Sin que suceda nada relevante, y no me pregunten cómo lo consigue el provocativo e iconoclasta Albert Serra, la atmósfera de la película se va enrareciendo al mismo tiempo que se hace opresiva, la luz declina, la luminosidad de las imágenes vira hacia la oscuridad nocturna extraordinariamente retratada y captada hasta en sus más leves sonidos y el film avanza hacia ese final catárquico y asombroso en donde reina el azul oscuro que homogeniza la pantalla y la lluvia se estrella contra el parabrisas del Mercedes de ese protagonista de blanco impoluto y flema británica.
Pacifiction es pura sensualidad, ya que está rodada para los sentidos (las extraordinarias imágenes del oleaje furioso batiendo la muralla de coral; esa escena en la que De Roller recibe la lluvia con los brazos abiertos en un estadio iluminado), coquetea con el surrealismo (el número musical que se marca el almirante y sus marineros, una hipérbole que remite directamente a David Lynch; el DJ masculino de pechos siliconados que pone música New Age en la sala de fiestas Paradise; el obeso mórbido que ciñe con sus manos el cuello de una chica al borde de una piscina) y detención del tiempo (este deja de existir en cuanto el espectador se sumerge en la película y no le importa la morosidad de sus secuencias).
Albert Serra consigue mediante un prodigioso juego calidoscópico de imágenes impecables y sonidos sugerentes un film crepuscular, sexualmente ambiguo, que remite a Querelle de Rainer Werner Fassbinder, y absolutamente hipnótico, algo que solo había conseguido Lars Von Trier en Europa, David Lynch en toda su filmografía, Luis Buñuel en su etapa surrealista o Bigas Luna en sus películas oscuras.

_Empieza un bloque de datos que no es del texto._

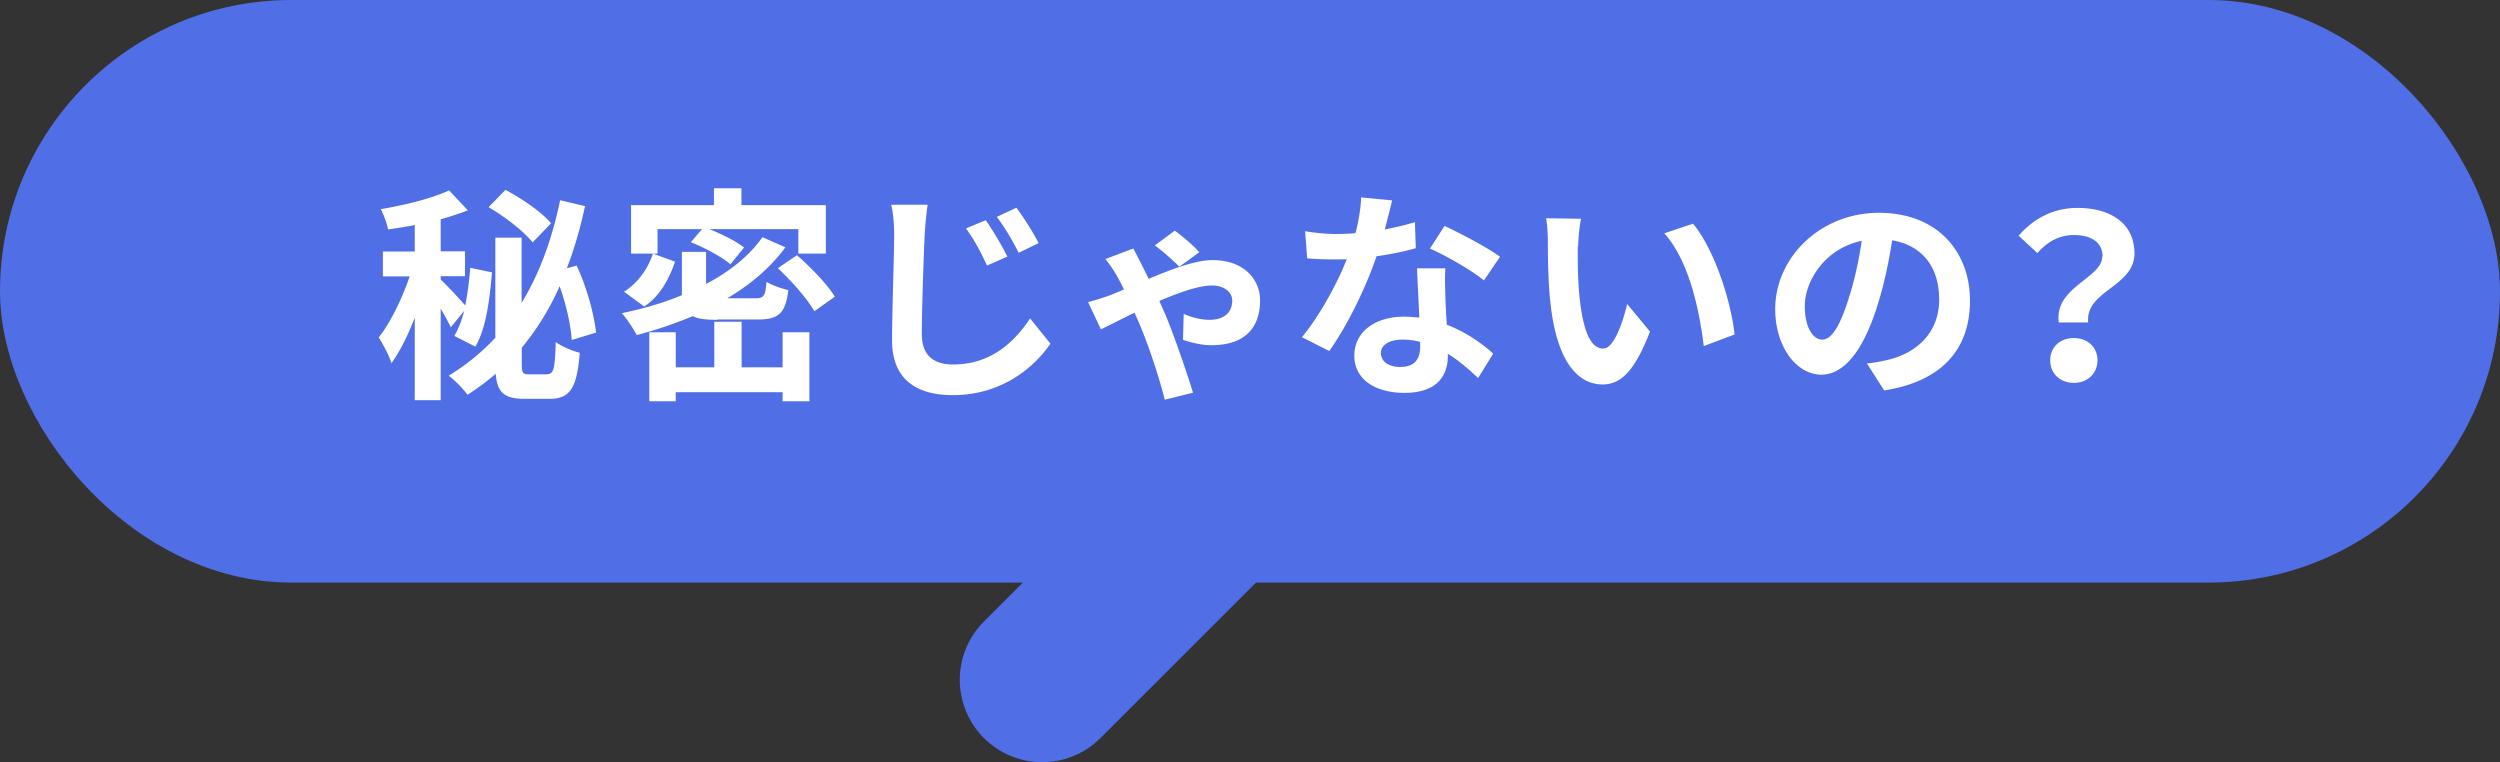 <svg data-name="レイヤー 2" xmlns="http://www.w3.org/2000/svg" viewBox="0 0 142.73 43.51"><rect x="0" y="0" width="142.73" height="43.51" fill="#333333" stroke="none"/><g data-name="レイヤー 1"><rect width="142.73" height="33.26" rx="16.63" ry="16.63" fill="#506ee6"/><path fill="none" stroke="#506ee6" stroke-linecap="round" stroke-linejoin="round" stroke-width="9.41" d="m59.5 38.81 16.65-16.64"/><path d="M25.74 18.69c-.13-.27-.35-.68-.58-1.07v5.23h-1.48v-4.71c-.39 1-.84 1.92-1.33 2.59-.14-.44-.48-1.07-.73-1.47.68-.83 1.34-2.24 1.77-3.48h-1.53v-1.42h1.82v-1.51c-.52.1-1.04.18-1.52.25-.07-.33-.25-.84-.42-1.16 1.39-.23 2.94-.62 3.9-1.07l1.07 1.14c-.47.18-.99.35-1.55.51v1.83h1.39v1.42h-1.39v.19c.33.3 1.09 1.12 1.4 1.48.14-.68.23-1.42.29-2.15l1.24.26c-.13 1.52-.33 3.18-.95 4.24l-1.2-.61c.23-.4.42-.88.56-1.43l-.75.92Zm5.5 2.67c.38 0 .44-.31.49-1.83.34.25.95.51 1.37.61-.16 1.98-.53 2.63-1.72 2.63h-1.42c-1.16 0-1.57-.34-1.66-1.43-.49.43-1.03.82-1.61 1.2-.21-.3-.73-.85-1.08-1.09 1.01-.61 1.9-1.34 2.67-2.17v-5.71h1.5v3.72c1.04-1.7 1.75-3.69 2.2-5.86l1.42.34c-.27 1.26-.61 2.44-1.04 3.55l.56-.16c.57 1.21 1 2.78 1.11 3.83l-1.39.42c-.05-.82-.31-2.01-.69-3.07a14.92 14.92 0 0 1-2.16 3.51v.9c0 .56.05.62.44.62h1.03Zm-.83-7.52c-.49-.62-1.59-1.48-2.52-2.01l.97-.99c.92.49 2.08 1.27 2.6 1.91l-1.05 1.09Zm10.57 4.42c-.66 0-1.12-.05-1.43-.21a23.6 23.6 0 0 1-3.2 1.08c-.17-.33-.57-.95-.85-1.25 1.2-.25 2.37-.58 3.43-1.03v-2.47h1.38v1.83c1.34-.7 2.46-1.59 3.22-2.67l1.31.58c-.86 1.17-2 2.13-3.32 2.91h1.6c.48 0 .58-.12.64-.94.3.19.87.39 1.25.47-.17 1.34-.56 1.68-1.75 1.68h-2.29Zm-5.35-1.61c.79-.49 1.36-1.31 1.65-2.17l1.26.46c-.34.99-.85 1.95-1.76 2.56l-1.16-.85Zm1.91-2.17h-1.51v-2.77h4.73v-.96h1.57v.96h4.82v2.77h-1.57v-1.4H40.5c.71.29 1.53.69 1.98 1.05l-.78.96c-.48-.42-1.47-.95-2.26-1.26l.64-.75h-2.54v1.4Zm7.14 4.49h1.53v3.94h-1.53v-.52h-6.1v.52h-1.51v-3.94h1.51v2h2.2v-2.6h1.56v2.6h2.34v-2Zm.82-4.4c.78.69 1.74 1.66 2.16 2.37l-1.17.83c-.38-.69-1.3-1.73-2.08-2.46l1.09-.74Zm7.46-2.87c-.08.55-.14 1.21-.17 1.72-.06 1.39-.16 4.07-.16 5.67 0 1.29.78 1.72 1.77 1.72 2.13 0 3.47-1.22 4.41-2.63l1.16 1.44c-.83 1.22-2.65 2.94-5.58 2.94-2.11 0-3.46-.94-3.46-3.12 0-1.73.12-4.91.12-6.02 0-.61-.05-1.22-.17-1.73h2.08Zm4.56 2.95-1.17.51c-.38-.82-.71-1.44-1.2-2.12l1.13-.47c.38.55.94 1.48 1.23 2.08Zm1.78-.77-1.14.55c-.42-.82-.77-1.4-1.25-2.05l1.12-.52c.39.52.98 1.44 1.27 2.03Zm5.4.3c.12.23.29.56.39.75.13.26.3.6.49.99 1.33-.56 2.68-1.07 3.64-1.07 1.86 0 2.72 1.16 2.72 2.29 0 1.59-.88 2.57-2.79 2.57-.56 0-1.23-.17-1.61-.31l.04-1.48c.45.21 1.03.34 1.46.34.87 0 1.31-.44 1.31-1.1 0-.43-.39-.86-1.17-.86-.73 0-1.87.4-2.99.88.12.27.23.53.33.75.48 1.13 1.24 3.34 1.59 4.49l-1.61.4c-.33-1.3-.92-3.08-1.42-4.26-.09-.22-.2-.47-.31-.71-.85.42-1.57.79-1.92.95l-.73-1.55c.48-.13.96-.29 1.14-.35.29-.12.6-.23.91-.38-.16-.31-.31-.61-.44-.83a6.66 6.66 0 0 0-.62-.9l1.61-.61Zm2.63 1.05c-.39-.4-.94-.88-1.4-1.22l1.14-.84c.36.25 1.11.88 1.4 1.23l-1.14.83Zm13.5-1.06c-.58.17-1.38.34-2.24.46-.61 1.79-1.66 3.95-2.7 5.41l-1.56-.79c1.03-1.25 2.02-3.08 2.56-4.45-.22.01-.44.01-.66.01-.52 0-1.04-.01-1.6-.06l-.12-1.55c.53.09 1.23.16 1.72.16.38 0 .77-.01 1.16-.05.17-.68.3-1.39.32-2.04l1.77.17c-.1.42-.25 1.01-.42 1.66.62-.12 1.21-.26 1.72-.42l.05 1.5Zm1.69 1.16c-.04.56-.01 1.08 0 1.65.01.35.04.95.08 1.56 1.1.42 2.01 1.07 2.65 1.65l-.86 1.39c-.46-.42-1.03-.95-1.73-1.38v.1c0 1.2-.66 2.13-2.48 2.13-1.6 0-2.86-.72-2.86-2.13 0-1.25 1.05-2.22 2.85-2.22.3 0 .59.03.86.05-.04-.94-.1-2.03-.13-2.81h1.62Zm-1.43 4.19a3.93 3.93 0 0 0-1.03-.13c-.74 0-1.22.31-1.22.75 0 .48.4.81 1.1.81.87 0 1.14-.49 1.14-1.18v-.25Zm3.63-3.51c-.73-.6-2.2-1.43-3.08-1.82l.83-1.29c.92.42 2.51 1.27 3.17 1.76l-.92 1.35Zm5.36-1.95c-.01.82 0 1.79.08 2.72.18 1.86.56 3.12 1.37 3.12.62 0 1.12-1.51 1.37-2.54l1.3 1.57c-.86 2.24-1.66 3.02-2.7 3.02-1.4 0-2.63-1.27-2.99-4.72-.13-1.18-.14-2.68-.14-3.47 0-.35-.03-.9-.1-1.3l1.99.03c-.09.47-.16 1.21-.16 1.57Zm8.94 5.04-1.75.66c-.25-2.07-.84-4.86-2.25-6.44l1.64-.55c1.22 1.48 2.16 4.39 2.37 6.32Zm7.58 1.65c.49-.05.86-.13 1.2-.21 1.64-.39 2.91-1.56 2.91-3.43s-.96-3.09-2.68-3.39c-.18 1.09-.4 2.28-.77 3.48-.77 2.59-1.87 4.19-3.28 4.19s-2.63-1.59-2.63-3.74c0-2.96 2.59-5.5 5.92-5.5s5.2 2.21 5.2 5.02-1.66 4.62-4.9 5.12l-.98-1.53Zm-1-3.89c.3-.95.53-2.04.69-3.11-2.12.44-3.25 2.31-3.25 3.72 0 1.3.51 1.92.99 1.92.55 0 1.05-.81 1.57-2.53Zm14.44-2.22c0-.78-.62-1.22-1.64-1.22-.81 0-1.48.35-2.08 1.03l-1.07-.99c.82-.96 1.96-1.59 3.35-1.59 1.88 0 3.26.87 3.26 2.6 0 1.91-2.83 2.13-2.64 3.94h-1.68c-.27-2.04 2.48-2.51 2.48-3.77Zm-1.64 4.66c.78 0 1.35.52 1.35 1.27s-.57 1.29-1.35 1.29-1.35-.53-1.35-1.29.57-1.27 1.35-1.27Z" fill="#fff"/></g></svg>

El espectador no está mirando desde el patio de butacas sino que está allí, salta al otro lado, a la pantalla, como mudo testigo y dejándose llevar por un vaivén de sensaciones que remite al movimiento de las olas.
La película termina con una secuencia grotesca: el almirante interpretado por el diminuto Marc Susini lanza un panegírico patriota glosando la potencia nuclear de Francia mientras regresa con sus marinos al submarino. Se impone la masculinidad militar frente a la ambigüedad sexual que reina en la isla y esa tripulación, al contrario de la de la Bounty, no se va a rebelar.
Subyugante, desconcertante, magistral y valiente forma de hacer cine la de Albert Serra.